Helicobacter felis

Scientific classification
- Domain: Bacteria
- Kingdom: Pseudomonadati
- Phylum: Campylobacterota
- Class: "Campylobacteria"
- Order: Campylobacterales
- Family: Helicobacteraceae
- Genus: Helicobacter
- Species: H. felis
- Binomial name: Helicobacter felis Paster et al., 1991

= Helicobacter felis =

- Genus: Helicobacter
- Species: felis
- Authority: Paster et al., 1991

Species of bacterium

Helicobacter felis is a bacterial species in the Helicobacteraceae family, Campylobacterales order, Helicobacter genus. This bacterium is Gram-negative, microaerophilic, urease-positive, and spiral-shaped. Its type strain is CS1T (= ATCC 49179T). It can be pathogenic.

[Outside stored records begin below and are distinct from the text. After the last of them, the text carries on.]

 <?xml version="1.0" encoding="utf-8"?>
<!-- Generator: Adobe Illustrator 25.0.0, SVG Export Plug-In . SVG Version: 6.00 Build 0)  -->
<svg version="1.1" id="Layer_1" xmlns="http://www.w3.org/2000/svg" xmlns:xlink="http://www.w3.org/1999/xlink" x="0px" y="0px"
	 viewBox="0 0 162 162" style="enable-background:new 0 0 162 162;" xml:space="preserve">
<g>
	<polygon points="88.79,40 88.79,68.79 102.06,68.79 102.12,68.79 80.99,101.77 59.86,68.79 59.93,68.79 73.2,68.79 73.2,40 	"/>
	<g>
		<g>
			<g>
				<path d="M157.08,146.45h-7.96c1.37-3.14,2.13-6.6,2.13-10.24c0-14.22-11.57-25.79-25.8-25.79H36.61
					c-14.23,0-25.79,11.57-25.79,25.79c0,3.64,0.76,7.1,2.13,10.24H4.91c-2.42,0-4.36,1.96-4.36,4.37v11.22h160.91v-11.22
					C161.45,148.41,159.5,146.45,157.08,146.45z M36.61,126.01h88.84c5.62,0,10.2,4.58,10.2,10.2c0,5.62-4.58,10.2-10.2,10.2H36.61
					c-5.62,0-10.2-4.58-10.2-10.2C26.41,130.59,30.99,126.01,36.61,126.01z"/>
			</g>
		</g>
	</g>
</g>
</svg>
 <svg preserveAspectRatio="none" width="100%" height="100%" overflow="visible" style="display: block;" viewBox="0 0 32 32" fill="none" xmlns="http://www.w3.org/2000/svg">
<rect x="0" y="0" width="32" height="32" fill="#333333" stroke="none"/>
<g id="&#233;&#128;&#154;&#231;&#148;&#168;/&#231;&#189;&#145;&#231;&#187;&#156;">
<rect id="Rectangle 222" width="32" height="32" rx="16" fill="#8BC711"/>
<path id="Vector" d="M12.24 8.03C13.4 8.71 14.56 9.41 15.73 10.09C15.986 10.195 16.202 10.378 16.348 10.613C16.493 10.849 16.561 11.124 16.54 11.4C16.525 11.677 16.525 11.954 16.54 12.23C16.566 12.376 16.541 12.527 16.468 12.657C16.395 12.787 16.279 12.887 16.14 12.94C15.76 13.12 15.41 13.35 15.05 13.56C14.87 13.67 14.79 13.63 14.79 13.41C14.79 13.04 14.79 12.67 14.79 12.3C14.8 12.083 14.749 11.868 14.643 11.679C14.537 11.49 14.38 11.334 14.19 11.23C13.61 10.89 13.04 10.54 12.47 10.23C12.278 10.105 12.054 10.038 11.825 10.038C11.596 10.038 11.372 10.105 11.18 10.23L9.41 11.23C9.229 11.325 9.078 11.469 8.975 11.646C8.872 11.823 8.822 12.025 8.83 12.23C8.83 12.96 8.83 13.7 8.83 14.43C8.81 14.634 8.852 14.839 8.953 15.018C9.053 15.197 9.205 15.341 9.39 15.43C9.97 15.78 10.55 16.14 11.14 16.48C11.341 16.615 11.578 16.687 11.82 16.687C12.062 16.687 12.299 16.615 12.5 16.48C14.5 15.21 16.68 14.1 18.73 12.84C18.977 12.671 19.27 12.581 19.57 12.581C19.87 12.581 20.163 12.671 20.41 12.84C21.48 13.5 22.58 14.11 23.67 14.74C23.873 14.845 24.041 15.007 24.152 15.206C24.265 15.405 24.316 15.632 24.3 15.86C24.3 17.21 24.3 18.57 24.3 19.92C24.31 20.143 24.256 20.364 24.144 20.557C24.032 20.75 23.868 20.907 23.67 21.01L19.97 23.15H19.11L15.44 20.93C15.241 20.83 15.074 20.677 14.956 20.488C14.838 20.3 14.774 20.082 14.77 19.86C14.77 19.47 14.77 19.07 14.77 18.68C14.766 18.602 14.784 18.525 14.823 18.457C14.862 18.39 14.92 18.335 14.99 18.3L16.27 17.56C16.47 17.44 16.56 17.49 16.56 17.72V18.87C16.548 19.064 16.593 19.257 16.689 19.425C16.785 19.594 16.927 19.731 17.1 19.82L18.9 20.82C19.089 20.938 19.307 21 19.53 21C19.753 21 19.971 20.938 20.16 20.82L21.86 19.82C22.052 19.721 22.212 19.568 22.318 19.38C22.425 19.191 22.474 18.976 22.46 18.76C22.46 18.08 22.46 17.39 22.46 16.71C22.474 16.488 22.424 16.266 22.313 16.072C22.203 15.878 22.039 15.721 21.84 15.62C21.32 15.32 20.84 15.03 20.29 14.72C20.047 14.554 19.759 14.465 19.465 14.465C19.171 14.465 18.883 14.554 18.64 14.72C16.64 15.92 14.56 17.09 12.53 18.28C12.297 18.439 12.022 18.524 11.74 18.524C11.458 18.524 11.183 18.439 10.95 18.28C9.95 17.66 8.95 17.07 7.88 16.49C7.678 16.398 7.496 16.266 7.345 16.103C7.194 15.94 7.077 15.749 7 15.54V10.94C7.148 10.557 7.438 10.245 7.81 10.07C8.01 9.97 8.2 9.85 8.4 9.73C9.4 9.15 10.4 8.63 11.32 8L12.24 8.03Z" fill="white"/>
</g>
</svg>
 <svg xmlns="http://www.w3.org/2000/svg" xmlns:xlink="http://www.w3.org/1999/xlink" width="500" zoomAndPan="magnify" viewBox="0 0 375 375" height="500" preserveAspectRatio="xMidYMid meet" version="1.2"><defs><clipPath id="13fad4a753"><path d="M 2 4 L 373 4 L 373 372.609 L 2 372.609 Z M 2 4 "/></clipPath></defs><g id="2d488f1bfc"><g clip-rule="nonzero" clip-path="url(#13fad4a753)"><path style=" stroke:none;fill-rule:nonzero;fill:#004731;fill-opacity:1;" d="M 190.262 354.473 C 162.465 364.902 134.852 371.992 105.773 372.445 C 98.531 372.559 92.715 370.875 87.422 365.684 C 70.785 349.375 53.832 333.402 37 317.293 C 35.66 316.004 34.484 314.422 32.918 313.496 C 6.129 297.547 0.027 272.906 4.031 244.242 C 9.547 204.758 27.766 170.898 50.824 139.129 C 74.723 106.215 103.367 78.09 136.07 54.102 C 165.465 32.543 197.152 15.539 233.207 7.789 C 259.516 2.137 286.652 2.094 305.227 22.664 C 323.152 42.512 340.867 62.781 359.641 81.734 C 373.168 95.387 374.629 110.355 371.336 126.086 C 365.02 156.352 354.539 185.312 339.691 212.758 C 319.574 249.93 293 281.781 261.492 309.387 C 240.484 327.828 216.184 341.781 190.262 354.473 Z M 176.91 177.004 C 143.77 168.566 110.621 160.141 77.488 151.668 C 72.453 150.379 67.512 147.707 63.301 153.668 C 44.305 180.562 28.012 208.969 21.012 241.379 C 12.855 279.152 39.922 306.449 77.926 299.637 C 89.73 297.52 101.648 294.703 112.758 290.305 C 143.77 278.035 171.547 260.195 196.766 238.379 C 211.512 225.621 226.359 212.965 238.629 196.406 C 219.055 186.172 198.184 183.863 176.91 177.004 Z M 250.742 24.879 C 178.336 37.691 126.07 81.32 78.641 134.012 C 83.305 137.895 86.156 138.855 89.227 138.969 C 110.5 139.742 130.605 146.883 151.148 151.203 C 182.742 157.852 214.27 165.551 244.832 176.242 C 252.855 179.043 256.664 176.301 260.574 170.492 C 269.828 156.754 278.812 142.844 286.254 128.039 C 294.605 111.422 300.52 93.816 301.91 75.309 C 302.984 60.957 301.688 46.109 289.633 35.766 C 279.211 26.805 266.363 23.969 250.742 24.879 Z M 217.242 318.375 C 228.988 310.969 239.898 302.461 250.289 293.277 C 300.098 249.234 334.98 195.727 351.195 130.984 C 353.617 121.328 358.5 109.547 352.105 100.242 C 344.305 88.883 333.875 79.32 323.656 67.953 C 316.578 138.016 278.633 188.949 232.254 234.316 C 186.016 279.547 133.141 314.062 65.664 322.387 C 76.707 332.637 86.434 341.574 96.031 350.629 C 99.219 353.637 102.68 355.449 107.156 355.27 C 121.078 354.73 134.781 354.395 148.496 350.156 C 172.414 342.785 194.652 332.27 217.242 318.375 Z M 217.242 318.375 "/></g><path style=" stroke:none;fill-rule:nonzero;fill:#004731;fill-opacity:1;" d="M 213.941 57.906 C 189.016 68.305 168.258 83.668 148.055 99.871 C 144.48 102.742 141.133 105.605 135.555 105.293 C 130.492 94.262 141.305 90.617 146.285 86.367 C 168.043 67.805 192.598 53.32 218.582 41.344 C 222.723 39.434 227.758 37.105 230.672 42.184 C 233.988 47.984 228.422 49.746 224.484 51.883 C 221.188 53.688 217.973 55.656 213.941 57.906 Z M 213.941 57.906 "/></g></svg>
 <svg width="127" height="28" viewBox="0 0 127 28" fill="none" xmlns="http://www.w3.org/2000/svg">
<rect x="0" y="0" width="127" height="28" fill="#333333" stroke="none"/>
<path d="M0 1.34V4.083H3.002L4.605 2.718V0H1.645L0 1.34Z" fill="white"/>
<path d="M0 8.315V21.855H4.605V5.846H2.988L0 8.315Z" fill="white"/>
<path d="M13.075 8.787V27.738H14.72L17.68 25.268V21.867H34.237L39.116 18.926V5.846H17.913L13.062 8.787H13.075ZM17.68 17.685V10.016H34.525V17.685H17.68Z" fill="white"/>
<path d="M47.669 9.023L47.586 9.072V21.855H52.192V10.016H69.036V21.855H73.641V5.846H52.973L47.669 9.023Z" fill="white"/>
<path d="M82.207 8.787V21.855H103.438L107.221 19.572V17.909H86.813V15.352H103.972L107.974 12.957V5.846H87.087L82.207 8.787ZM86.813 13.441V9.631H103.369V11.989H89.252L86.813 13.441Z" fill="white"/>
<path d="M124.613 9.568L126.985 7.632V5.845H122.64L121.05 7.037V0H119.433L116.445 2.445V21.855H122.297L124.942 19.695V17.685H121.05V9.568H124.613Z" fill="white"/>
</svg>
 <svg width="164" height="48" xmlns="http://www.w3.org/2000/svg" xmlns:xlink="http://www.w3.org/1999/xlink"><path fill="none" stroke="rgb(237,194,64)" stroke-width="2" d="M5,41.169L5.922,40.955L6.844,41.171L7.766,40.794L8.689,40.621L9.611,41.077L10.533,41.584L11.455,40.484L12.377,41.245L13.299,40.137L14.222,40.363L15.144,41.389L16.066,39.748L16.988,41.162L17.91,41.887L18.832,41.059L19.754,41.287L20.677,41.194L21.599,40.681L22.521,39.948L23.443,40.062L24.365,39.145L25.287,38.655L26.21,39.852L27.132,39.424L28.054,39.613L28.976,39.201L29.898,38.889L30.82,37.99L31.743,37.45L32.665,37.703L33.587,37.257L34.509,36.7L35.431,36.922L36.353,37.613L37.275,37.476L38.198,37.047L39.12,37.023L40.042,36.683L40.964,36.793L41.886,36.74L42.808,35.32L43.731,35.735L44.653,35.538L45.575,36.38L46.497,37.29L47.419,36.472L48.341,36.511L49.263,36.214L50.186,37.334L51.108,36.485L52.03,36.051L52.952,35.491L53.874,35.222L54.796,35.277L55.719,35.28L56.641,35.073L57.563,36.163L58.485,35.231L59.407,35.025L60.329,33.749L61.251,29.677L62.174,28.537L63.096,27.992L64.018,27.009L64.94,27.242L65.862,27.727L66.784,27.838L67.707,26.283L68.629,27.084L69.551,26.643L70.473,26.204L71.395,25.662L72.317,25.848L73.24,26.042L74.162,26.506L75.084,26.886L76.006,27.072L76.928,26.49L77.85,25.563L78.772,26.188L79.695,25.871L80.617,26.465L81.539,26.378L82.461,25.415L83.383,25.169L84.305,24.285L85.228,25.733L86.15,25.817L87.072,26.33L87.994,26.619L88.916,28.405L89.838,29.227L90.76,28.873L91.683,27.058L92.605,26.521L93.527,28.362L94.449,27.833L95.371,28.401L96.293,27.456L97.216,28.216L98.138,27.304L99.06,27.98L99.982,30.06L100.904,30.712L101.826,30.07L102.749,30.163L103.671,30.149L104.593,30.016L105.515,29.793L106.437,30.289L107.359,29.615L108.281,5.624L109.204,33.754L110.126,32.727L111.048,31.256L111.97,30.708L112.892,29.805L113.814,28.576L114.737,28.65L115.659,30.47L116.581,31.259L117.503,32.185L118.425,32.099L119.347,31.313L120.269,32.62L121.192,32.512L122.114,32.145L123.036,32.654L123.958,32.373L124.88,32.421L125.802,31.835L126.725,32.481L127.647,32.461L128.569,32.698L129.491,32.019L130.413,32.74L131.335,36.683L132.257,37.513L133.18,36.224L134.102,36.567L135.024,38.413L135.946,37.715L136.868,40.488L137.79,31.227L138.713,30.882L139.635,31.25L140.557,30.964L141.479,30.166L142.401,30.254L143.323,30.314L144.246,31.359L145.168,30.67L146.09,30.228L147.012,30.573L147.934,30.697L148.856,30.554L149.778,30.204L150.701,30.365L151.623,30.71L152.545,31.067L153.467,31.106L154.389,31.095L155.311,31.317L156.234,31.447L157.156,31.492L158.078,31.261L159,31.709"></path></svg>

Helicobacter pylori (H. pylori) is by far the best known Helicobacter species, primarily because humans infected with it may develop gastrointestinal tract diseases such as stomach inflammation, stomach ulcers, duodenal ulcers, stomach cancers of the nonlymphoma type, and various subtypes of extranodal marginal zone lymphomass, e.g. those of the stomach, small intestines, large intestines, and rectumn. H. pylori is also associated with the development of bile duct cancer and has been associated with a wide range of other diseases although its role in the development of many of these other diseases requires further study. Humans infected with H. felis may also develop some of the same gastrointestinal diseases viz., stomach inflammation, stomach ulcers, duodenal ulcers, stomach cancers that are not lymphomas, and extranodal marginal B cell lymphomas of the stomach. Other non-H. pylori species that are known to be associated with these gastrointestinal diseases are Helicobacter bizzozeronii, Helicobacter salomonis, Helicobacter suis, and Helicobacter heilmannii s.s. Because of their disease associations, these four Helicobacter species plus H. felis are often group together and termed Helicobacter heilmannii sensu lato.

H. felis bacteria are detected in the stomachs of their natural hosts - cats, dogs, rabbits, and cheetahs. Reports suggest that individuals, including children, are infected with this bacterium by having close contact with one of these infected animals: H. heilmanni s.l.-associated diseases, including those associated with H. felis, appear to be zoonotic diseases, i.e. infectious diseases that are caused by pathogen that spread from animals to humans. It is important to diagnose H. felis and other H. heilmannii sensu lato infections in patients with the cited upper gastrointestinal tract diseases, including in particular extranodal marginal zone lymphoma of the stomach, because some of them have been successfully treated and cured using antibiotic-based drug regimens (e.g.amoxicillin, clarithromycin, plus a proton pump inhibitor or metronidazole, clarithromycin, plus a proton pump inhibitor) directed against the instigating bacterium.